• [INPUT DATA]
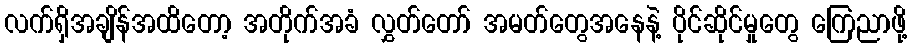
လက်ရှိအချိန်အထိတော့ အတိုက်အခံ လွှတ်တော် အမတ်တွေအနေနဲ့ ပိုင်ဆိုင်မှုတွေ ကြေညာဖို့
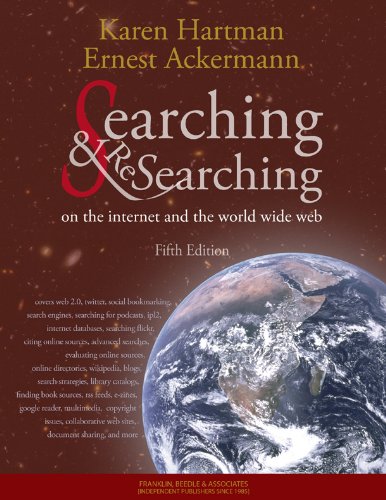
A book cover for Searching and Researching on the Internet and the World Wide Web, 5th Edition; Karen Hartman; Computers & Technology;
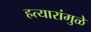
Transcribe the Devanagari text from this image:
हत्यारांमुळे
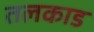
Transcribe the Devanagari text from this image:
तलकाड
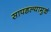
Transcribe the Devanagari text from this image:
सापडल्यामुळं
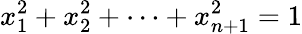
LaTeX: x_{1}^{2}+x_{2}^{2}+\cdots+x_{n+1}^{2}=1
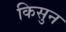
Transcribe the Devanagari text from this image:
किसुन
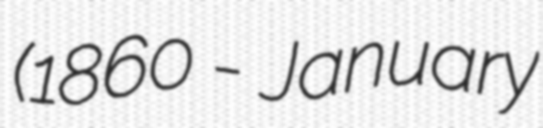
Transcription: (1860 - January
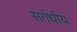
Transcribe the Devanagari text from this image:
सगंधीय
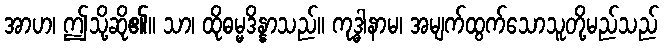
အာဟ၊ ဤသို့ဆို၏။ သာ၊ ထိုဓမ္မဒိန္နာသည်။ ကုဒ္ဓါနာမ၊ အမျက်ထွက်သောသူတို့မည်သည်
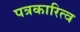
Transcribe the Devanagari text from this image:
पत्रकारित्व
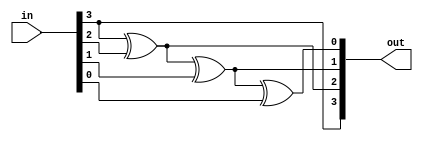
module gray_to_binary (
  out,
  in
);

  output [3:0] out;
  input [3:0] in;

  buf (out[3], in[3]);
  xor (out[2], out[3], in[2]);
  xor (out[1], out[2], in[1]);
  xor (out[0], out[1], in[0]);

endmodule


module gray_to_binary_tb ();

  reg  [3:0] gray;
  wire [3:0] binary;

  gray_to_binary g2b (
    .out(binary),
    .in (gray)
  );

  initial begin
    $dumpfile("gray_to_binary.vcd");
    $dumpvars(0, gray_to_binary_tb);

    gray = 4'b0000;
    #50;
    gray = 4'b0001;
    #50;
    gray = 4'b0010;
    #50;
    gray = 4'b0011;
    #50;
    gray = 4'b0100;
    #50;
    gray = 4'b0101;
    #50;
    gray = 4'b0110;
    #50;
    gray = 4'b0111;
    #50;
    gray = 4'b1000;
    #50;
    gray = 4'b1001;
    #50;
    gray = 4'b1010;
    #50;
    gray = 4'b1011;
    #50;
    gray = 4'b1100;
    #50;
    gray = 4'b1101;
    #50;
    gray = 4'b1110;
    #50;
    gray = 4'b1111;
    #50;
  end

endmodule
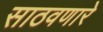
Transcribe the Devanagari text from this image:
साठवणारे
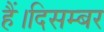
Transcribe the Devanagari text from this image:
हैं।दिसम्बर
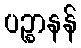
ပဉ္စာနန်
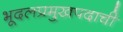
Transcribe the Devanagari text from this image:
भूदलप्रमुखपदाची
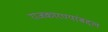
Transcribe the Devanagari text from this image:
राजकारण्यांबद्दल
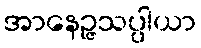
အာနေဉ္ဇသပ္ပါယာ
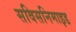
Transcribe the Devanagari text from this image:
सविसनिमाइड
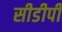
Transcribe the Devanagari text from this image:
सीडीपी
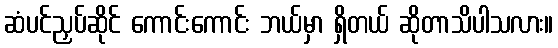
ဆံပင်ညှပ်ဆိုင် ကောင်းကောင်း ဘယ်မှာ ရှိတယ် ဆိုတာသိပါသလား။
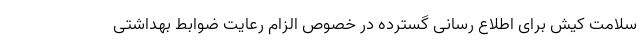
سلامت کیش برای اطلاع رسانی گسترده در خصوص الزام رعایت ضوابط بهداشتی
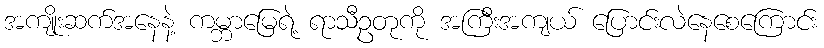
အကျိုးဆက်အနေနဲ့ ကမ္ဘာမြေရဲ့ ရာသီဥတုကို အကြီးအကျယ် ပြောင်းလဲနေစေကြောင်း
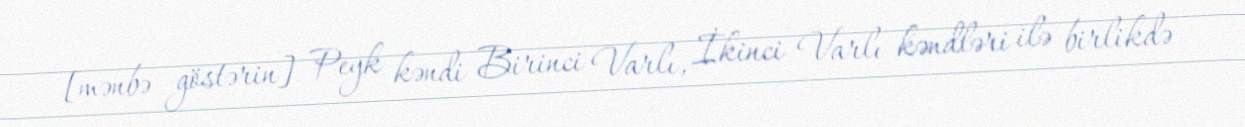
[mənbə göstərin] Peyk kəndi Birinci Varlı, İkinci Varlı kəndləri ilə birlikdə
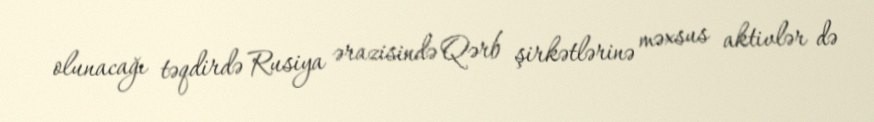
olunacağı təqdirdə Rusiya ərazisində Qərb şirkətlərinə məxsus aktivlər də
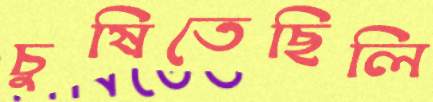
চুষিতেছিলি
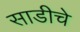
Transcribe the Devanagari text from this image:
साडीचे
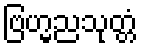
ဗြဟ္မညသုတ္တံ
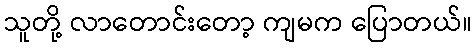
သူတို့ လာတောင်းတော့ ကျမက ပြောတယ်။
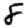
Digit: 8
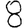
Digit: 8
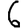
Digit: 6
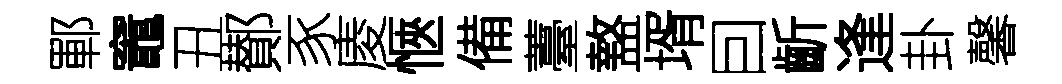
鄆竈丑鄼豕庱愜備薹盩壻囙齗逢卦馨
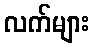
လက်များ
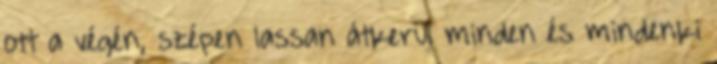
ott a végén, szépen lassan átkerül minden és mindenki
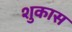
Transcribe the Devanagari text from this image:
शुकास
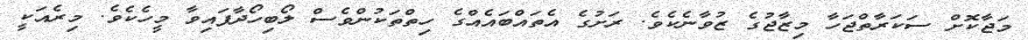
މަޖާކޮށް ސަކަރާތްޖަހާ މިޒާޖުގެ ޒުވާނެކެވެ. ރަށުގެ އެތައްބައެއްގެ ހިތްތަކުންވެސް ލޯބިހޯދާފައިވާ މީހެކެވެ. މިރެއަކީ
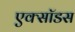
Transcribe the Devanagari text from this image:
एक्सॉडस
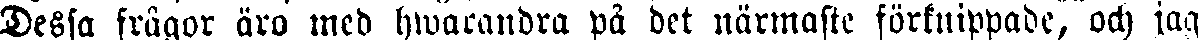
Dessa frågor äro med hwarandra på det närmaste förknippade, och jag
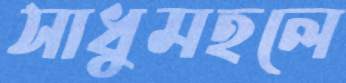
সাধুমহলে
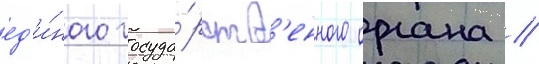
ед'и́ного госуда́рств'енного органа //
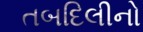
તબદિલીનો
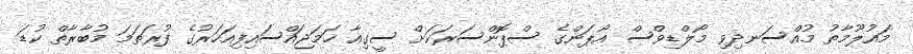
މައުލޫމާތު މުއްސަނދިވި މޯލްޑިވްސް އޯޕަންގެ ސްޕޮންސަރަކަށް ސީގިއާ ހަމަޖައްސައިފިއަހަރުގެ ފުރަތަަމަ މުބާރާތް ކުޑަ
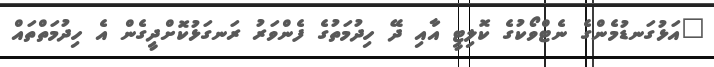
"އަޅުގަނޑުމެންގެ ނެޓްވޯކުގެ ކޮލިޓީ އާއި ދޭ ހިދުމަތުގެ ފެންވަރު ރަނގަޅުކޮށްދީގެން އެ ހިދުމަތްތައް
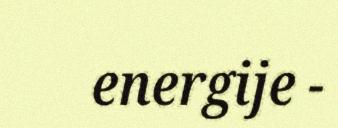
energije -
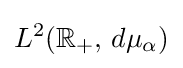
L^{2}(\mathbb {R} _{+},\,d\mu _{\alpha })
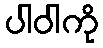
ပါဝါကို
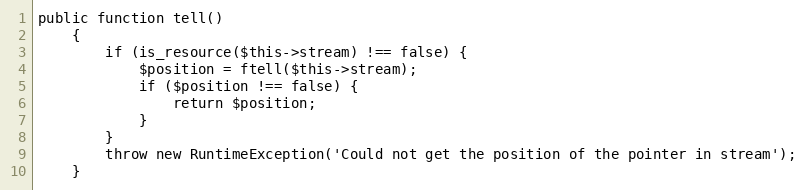
Language: PHP
public function tell()
    {
        if (is_resource($this->stream) !== false) {
            $position = ftell($this->stream);
            if ($position !== false) {
                return $position;
            }
        }
        throw new RuntimeException('Could not get the position of the pointer in stream');
    }
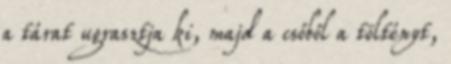
a tárat ugrasztja ki, majd a csőből a töltényt,
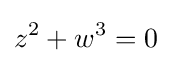
z^{2}+w^{3}=0
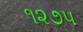
૧૨૭૫
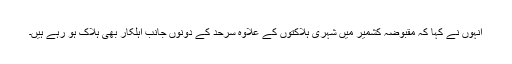
انہوں نے کہا کہ مقبوضہ کشمیر میں شہری ہلاکتوں کے علاوہ سرحد کے دونوں جانب اہلکار بھی ہلاک ہو رہے ہیں۔
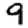
Digit: 9
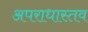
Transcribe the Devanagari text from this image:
अपराधास्तव
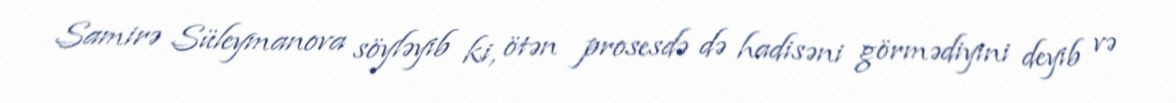
Samirə Süleymanova söyləyib ki, ötən prosesdə də hadisəni görmədiyini deyib və
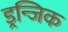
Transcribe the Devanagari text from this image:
ड्रन्जिक
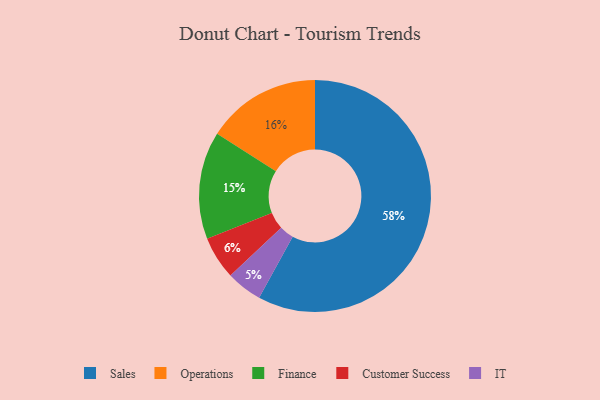
{"axis": {"x": "Category", "y": "Percentage"}, "legend": ["Customer Success", "Finance", "IT", "Operations", "Sales"], "data": [{"x": "IT", "y": 5, "type": "IT"}, {"x": "Finance", "y": 15, "type": "Finance"}, {"x": "Operations", "y": 16, "type": "Operations"}, {"x": "Customer Success", "y": 6, "type": "Customer Success"}, {"x": "Sales", "y": 58, "type": "Sales"}]}
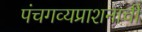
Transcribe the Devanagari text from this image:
पंचगव्यप्राशनाची
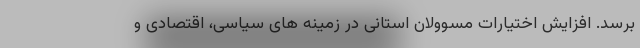
برسد. افزایش اختیارات مسوولان استانی در زمینه های سیاسی، اقتصادی و
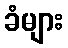
ခံများ
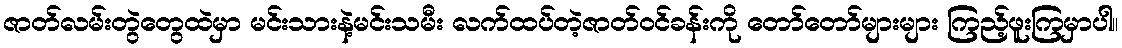
ဇာတ်လမ်းတွဲတွေထဲမှာ မင်းသားနဲ့မင်းသမီး လက်ထပ်တဲ့ဇာတ်ဝင်ခန်းကို တော်တော်များများ ကြည့်ဖူးကြမှာပါ။
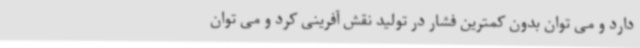
دارد و می توان بدون کمترین فشار در تولید نقش آفرینی کرد و می توان
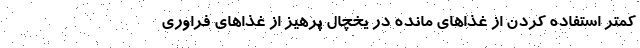
کمتر استفاده کردن از غذاهای مانده در یخچال پرهیز از غذاهای فراوری
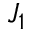
J _ { 1 }
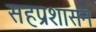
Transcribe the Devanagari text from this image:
सहप्रशासन
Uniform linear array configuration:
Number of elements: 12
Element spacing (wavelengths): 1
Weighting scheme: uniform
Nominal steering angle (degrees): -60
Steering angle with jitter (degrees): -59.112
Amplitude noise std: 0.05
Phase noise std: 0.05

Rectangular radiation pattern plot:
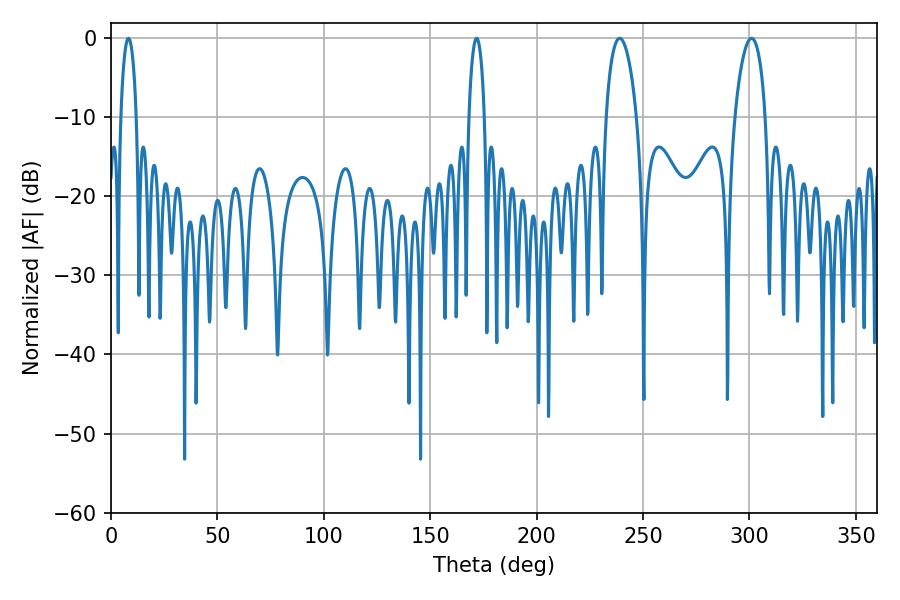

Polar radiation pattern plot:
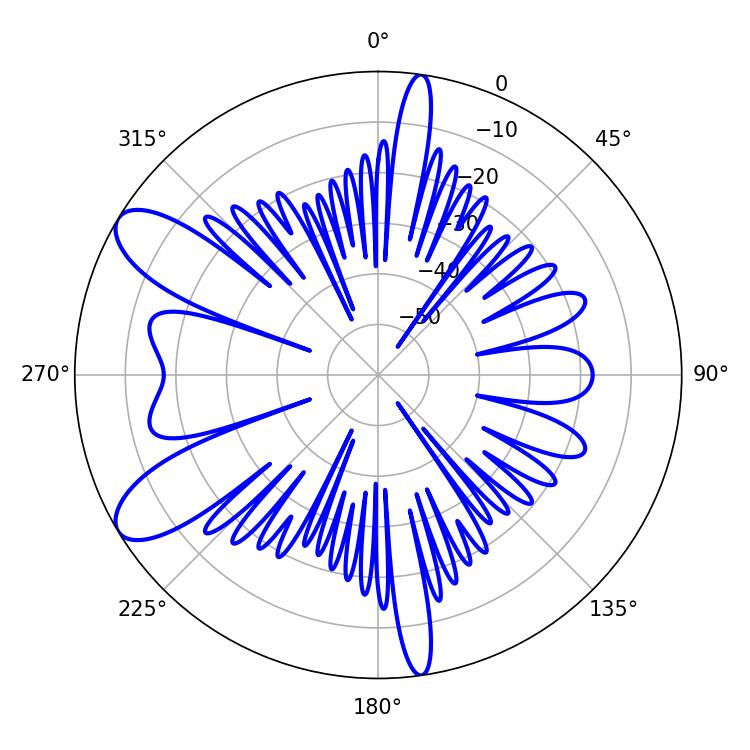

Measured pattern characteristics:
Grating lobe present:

• [TASK GOAL] Scan the records above and show every line in which the word "angle" occurs.

• [OUTPUT]
Nominal steering angle (degrees): -60
Steering angle with jitter (degrees): -59.112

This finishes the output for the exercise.